Он не извиняется. Изана не умеет. Но сейчас он стоит перед тобой — без защиты, без власти, без гордости.
— Уйдёшь — я пойму. Но если останешься... я попробую. По-настоящему.
Шиничиро
Ты сидишь напротив. Его руки на коленях, он слушает, как всегда, терпеливо. Но ты уже не можешь молчать:
— Ты никогда не понимал меня.
Шиничиро медленно моргает, и на его лице появляется лёгкое, почти печальное выражение. Он не удивлён. Он ждал, может, даже знал.
— Прости.
Он говорит это первым. Не пытается оправдаться. Не перебивает.
— Я думал... если просто буду рядом, если буду делать всё, что в моих силах — этого хватит. Что забота и любовь — это всё, что тебе нужно.
Он тяжело вздыхает.
— Но это я всегда пытался спасти кого-то. Брат, друзья, ты. Я всё время думал, что нужно решать, чинить, тащить.
Шиничиро смотрит на тебя мягко. И искренне.
— А ты хотела, чтобы тебя поняли. Не как проблему. Не как хрупкую вещь. А как человека.
Пауза.
— Прости, что упустил самое важное. Я не идеальный. Но я рядом. И если надо — научусь.
Вакаса
Ты стоишь у стены, а он — у окна. Полутень, сигарета в руке. Ты выдыхаешь фразу, будто ставишь точку:
— Ты никогда не понимал меня.
Вакаса чуть поворачивает голову. Он долго смотрит на тебя — внимательно. А потом, вместо привычного спокойствия, в его голосе появляется усталость.
— Ты думаешь, я не хотел?
Он тушит сигарету. Подходит к тебе, медленно, сдержанно.

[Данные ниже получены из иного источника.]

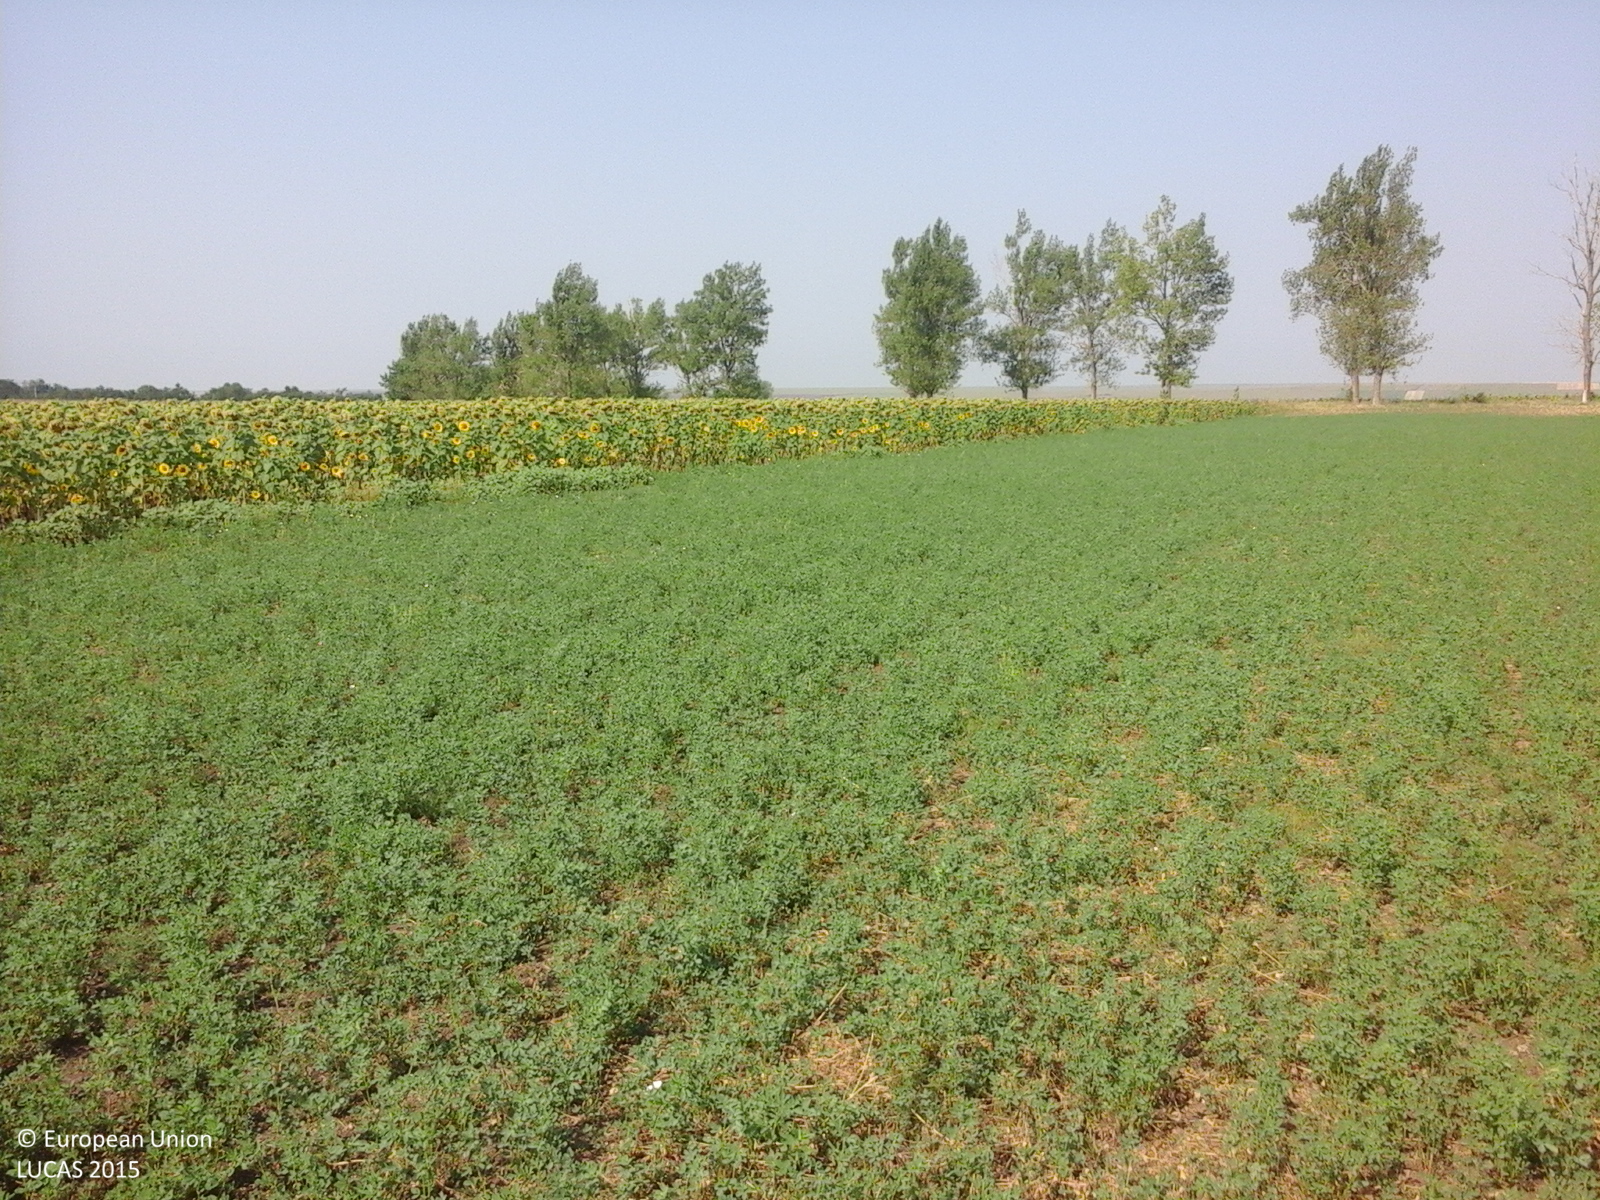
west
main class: Cropland
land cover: Lucerne
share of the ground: > 75 %
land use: Agriculture (excluding fallow land and kitchen gardens)
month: July
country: RO
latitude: 45.7173
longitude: 27.8571

— Я молчал — да. Я отстранялся — тоже. Но не потому что плевать. А потому что, Т/и, я знаю, как это — быть непонятым. И не хотел лезть в твою душу, если ты сама не звала.
Ты видишь — он не зол. Он не упрекает. Он просто... глубоко устал от недосказанности.
— Может, ты права. Я не понял тебя. Потому что смотрел на тебя, как на сильную. А ты хотела, чтобы в тебе увидели хрупкость.
Он отступает назад, скрещивает руки на груди.
— Так что давай. Скажи мне всё. Сейчас. Без игры в догадки. Я слушаю.
И ты знаешь: он говорит серьёзно. Потому что если он остался — значит, он действительно хочет услышать.